MIAMI — As soon as it was announced that Joel Embiid would play in Game 3 the night centered on the 76ers big man, and his mask.
What would the mask look like? How would Embiid fare on the court with his new protective gear? Would the mask hold up under the physical nature of the game?
Sixers coach Brett Brown said that the aesthetics of the mask would be a surprise when he was asked in his pregame media availability. In Embiid’s early warm-up time on the court, roughly an hour before tip-off, he elected to keep the mask off, holding everyone in suspense. But the answers eventually came.
It was a dark-tinted mask with a clear protective goggle-like lens attachment. Embiid did just fine, finishing with 23 points, seven rebounds, four assists, three blocked shots, and one steal. And, he went through three masks iterations in the course of his 30 minutes, 21 seconds on the floor.
At the 7-minute, 56-second mark in the second quarter of the Sixers 128-108 win, while Embiid was battling against Kelly Olynyk, the goggle portion, which attaches on the inside of the mask fell out. Seconds later Justise Winslow stepped on the lens, then picked it up and appeared to try to break it.
— Jeff Eisenband (@JeffEisenband) April 20, 2018
“You could see the energy in the game, I think Justise came over and tried to crush one of the masks, fortunately we had a mask in the bullpen,” Brown said with a smile adding that he thinks Winslow’s actions showed an aggressive playoff mentality.
Winslow didn’t confirm or deny that he intentionally stepped on the goggles.
“We were smack talking, trash talking, but no love lost,” he said of Embiid.
No love lost is right. When Embiid addressed the situation he had a message for Winslow and the Miami Heat.
“Justise stepped on it and tried to break it with his hands,” Embiid said. “Little do they know that I have about 50 of them so it’s going to take much more than that to get me out of this series. I’m going to be a nightmare for them.”
The second mask fumble came with 8:27 left in the third quarter when Embiid was fouled on his way to the basket by Hassan Whiteside. As the foul was happening, Whiteside’s arm went across Embiid’s face, pulling the mask down, blocking his view. After Embiid hit the deck he threw the mask to the floor in frustration. The lens once again popped out.
“I can only imagine the restriction he probably felt wearing the mask and plus the lens,” Brown said after the game.
He had been practicing and warming up in recent weeks with a semi-transparent, black-tinted mask. There was speculation whether or not he would play in a darker mask because in the past, players who have worn black masks have been asked by the NBA to switch to a clear mask, even though the NBA’s official rule book do not say anything about the color of protective guards.

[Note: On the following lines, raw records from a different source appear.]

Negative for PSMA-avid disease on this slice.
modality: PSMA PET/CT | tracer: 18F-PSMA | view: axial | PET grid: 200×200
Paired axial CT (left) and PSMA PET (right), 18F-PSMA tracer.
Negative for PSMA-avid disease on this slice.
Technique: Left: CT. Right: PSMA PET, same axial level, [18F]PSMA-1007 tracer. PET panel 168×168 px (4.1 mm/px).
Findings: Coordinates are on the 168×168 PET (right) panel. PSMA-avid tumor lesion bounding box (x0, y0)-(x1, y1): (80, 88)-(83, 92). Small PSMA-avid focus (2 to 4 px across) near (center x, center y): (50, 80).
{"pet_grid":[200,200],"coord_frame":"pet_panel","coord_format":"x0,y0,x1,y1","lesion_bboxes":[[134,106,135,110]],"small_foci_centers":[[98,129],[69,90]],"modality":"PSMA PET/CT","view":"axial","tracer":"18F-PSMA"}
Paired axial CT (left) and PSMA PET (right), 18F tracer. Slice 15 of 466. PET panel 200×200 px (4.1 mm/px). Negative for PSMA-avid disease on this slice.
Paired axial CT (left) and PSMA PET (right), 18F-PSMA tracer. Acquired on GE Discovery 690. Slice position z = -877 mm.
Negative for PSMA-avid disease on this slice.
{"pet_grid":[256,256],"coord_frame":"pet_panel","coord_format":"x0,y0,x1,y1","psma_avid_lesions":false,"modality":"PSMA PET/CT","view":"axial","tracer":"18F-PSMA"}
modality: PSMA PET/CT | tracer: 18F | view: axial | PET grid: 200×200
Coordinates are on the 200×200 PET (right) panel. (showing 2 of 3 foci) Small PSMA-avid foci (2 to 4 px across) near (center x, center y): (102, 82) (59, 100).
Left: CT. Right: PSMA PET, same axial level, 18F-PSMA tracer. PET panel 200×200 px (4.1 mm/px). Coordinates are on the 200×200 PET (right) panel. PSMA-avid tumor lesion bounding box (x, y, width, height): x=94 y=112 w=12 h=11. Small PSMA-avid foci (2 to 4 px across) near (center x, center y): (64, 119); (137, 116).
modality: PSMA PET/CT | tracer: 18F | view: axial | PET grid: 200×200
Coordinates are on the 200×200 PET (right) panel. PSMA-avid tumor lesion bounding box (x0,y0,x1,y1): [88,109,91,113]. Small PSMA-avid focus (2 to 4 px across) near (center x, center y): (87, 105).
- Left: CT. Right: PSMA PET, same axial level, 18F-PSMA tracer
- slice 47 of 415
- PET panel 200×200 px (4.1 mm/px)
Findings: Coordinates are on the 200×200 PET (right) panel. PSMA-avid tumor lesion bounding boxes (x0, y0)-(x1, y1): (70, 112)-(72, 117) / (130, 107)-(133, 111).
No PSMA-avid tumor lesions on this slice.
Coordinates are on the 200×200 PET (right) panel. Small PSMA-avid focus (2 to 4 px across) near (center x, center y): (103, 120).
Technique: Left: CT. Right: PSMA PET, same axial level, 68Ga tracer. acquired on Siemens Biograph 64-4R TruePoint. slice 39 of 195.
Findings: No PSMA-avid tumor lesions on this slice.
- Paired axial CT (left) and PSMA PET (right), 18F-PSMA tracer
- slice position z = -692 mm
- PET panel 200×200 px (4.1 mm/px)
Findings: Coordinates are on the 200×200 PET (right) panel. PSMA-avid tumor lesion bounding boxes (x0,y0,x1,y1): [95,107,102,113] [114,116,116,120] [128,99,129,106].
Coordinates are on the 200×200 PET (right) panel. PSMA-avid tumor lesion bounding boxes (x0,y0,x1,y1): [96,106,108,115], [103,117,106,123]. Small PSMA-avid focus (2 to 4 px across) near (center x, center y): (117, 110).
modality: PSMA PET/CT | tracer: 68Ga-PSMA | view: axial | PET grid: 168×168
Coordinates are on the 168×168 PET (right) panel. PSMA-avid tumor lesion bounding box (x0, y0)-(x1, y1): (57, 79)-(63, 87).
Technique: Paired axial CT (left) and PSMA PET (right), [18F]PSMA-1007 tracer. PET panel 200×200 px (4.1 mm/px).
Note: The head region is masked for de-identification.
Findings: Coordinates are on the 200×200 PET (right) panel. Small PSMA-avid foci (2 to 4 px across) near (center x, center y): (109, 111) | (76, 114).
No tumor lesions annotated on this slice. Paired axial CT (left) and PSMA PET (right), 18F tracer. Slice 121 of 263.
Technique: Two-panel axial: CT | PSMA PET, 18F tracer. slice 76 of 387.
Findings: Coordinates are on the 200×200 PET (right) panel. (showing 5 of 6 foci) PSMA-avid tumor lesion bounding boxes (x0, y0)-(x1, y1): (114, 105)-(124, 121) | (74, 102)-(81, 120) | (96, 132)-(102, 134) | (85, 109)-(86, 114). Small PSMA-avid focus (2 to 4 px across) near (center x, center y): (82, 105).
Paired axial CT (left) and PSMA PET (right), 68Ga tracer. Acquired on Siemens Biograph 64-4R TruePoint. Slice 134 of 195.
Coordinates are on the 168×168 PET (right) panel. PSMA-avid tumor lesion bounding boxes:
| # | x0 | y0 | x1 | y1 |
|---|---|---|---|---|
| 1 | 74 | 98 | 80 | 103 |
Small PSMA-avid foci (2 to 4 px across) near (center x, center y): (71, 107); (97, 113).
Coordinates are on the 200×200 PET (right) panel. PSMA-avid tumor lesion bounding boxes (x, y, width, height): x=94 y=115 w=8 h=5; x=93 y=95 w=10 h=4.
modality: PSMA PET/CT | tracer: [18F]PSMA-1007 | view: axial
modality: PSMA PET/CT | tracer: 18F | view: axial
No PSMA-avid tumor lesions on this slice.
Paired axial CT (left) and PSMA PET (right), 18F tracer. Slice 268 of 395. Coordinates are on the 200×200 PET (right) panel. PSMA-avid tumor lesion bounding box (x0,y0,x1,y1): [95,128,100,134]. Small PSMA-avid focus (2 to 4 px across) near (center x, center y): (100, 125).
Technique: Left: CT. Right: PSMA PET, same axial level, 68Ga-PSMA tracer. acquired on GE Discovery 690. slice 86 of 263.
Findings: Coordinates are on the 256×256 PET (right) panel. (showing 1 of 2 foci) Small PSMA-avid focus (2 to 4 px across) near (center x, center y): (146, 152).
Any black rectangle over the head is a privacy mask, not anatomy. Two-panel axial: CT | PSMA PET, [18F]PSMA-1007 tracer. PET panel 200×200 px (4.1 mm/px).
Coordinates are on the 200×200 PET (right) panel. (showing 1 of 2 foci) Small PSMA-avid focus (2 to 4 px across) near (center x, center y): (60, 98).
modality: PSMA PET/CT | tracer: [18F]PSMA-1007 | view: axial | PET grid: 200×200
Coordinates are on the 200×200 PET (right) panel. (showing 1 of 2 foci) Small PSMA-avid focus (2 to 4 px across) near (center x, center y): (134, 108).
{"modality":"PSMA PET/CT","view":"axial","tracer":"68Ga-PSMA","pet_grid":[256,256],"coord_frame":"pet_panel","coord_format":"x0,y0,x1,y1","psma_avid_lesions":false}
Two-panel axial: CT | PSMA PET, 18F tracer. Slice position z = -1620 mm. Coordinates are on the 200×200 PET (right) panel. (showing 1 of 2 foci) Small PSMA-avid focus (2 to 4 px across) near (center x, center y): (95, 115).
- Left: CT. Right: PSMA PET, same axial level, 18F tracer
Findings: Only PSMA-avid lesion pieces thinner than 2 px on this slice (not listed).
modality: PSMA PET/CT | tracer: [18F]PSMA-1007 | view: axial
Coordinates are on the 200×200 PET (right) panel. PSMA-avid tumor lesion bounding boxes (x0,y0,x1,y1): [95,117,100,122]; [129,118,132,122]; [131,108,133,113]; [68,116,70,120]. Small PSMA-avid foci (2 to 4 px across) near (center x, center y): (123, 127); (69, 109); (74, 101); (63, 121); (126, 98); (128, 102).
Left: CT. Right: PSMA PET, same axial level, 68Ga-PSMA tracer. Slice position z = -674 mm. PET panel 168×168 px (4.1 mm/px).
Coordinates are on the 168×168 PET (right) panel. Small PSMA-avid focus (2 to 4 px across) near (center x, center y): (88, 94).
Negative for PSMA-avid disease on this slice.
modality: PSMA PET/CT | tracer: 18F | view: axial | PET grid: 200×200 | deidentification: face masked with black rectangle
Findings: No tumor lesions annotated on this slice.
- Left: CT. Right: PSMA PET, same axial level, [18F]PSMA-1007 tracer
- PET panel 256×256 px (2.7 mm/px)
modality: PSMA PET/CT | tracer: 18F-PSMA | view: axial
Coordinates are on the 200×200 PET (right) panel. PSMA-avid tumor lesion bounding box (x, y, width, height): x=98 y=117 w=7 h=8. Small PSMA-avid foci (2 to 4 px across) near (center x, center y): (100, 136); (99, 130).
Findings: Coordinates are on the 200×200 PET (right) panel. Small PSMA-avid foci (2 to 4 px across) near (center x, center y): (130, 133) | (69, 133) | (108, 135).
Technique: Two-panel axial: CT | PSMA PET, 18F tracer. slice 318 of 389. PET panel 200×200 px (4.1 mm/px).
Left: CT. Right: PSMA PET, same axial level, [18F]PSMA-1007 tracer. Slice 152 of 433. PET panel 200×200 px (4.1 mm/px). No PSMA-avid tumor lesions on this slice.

The NBA rule reads as follows:
“The officials shall not permit any player to wear equipment which, in their judgment, is dangerous to other players. Any equipment which is of hard substance (casts, splints, guards and braces) must be padded or foam covered and have no exposed sharp or cutting edge. All the face masks and eye or nose protectors must be approved by NBA Basketball Operations and conform to the contour of the face and have no sharp or protruding edges.”
The most recent black-mask situation in the NBA came in 2014 when LeBron James, with the Miami Heat, wore a black mask to protect a broken nose. He wore the mask for just one game before commissioner Adam Silver requested he change to a clear mask.
Kobe Bryant and Kyrie Irving are two players who have also worn a black mask in recent years, both only wearing them in one game before switching to a clear version.
Before the game Brown said there needed to be league approval of the mask before Embiid played, so it looks like he will be continuing on with the dark color.
Embiid said that dealing with the mask is “annoying” and gets foggy, but dealing with it is what is required of him, and he is willing to do whatever it takes to play. He added that he thinks he will have to wear the mask for roughly eight weeks, which is the expected full healing time following his March 31 surgery.
That means if the Sixers, now with a 2-1 series lead over the Heat, continue to win we will be seeing a lot of Embiid and a lot of his mask. Who knows, we may even get to see all 50 of them at this rate.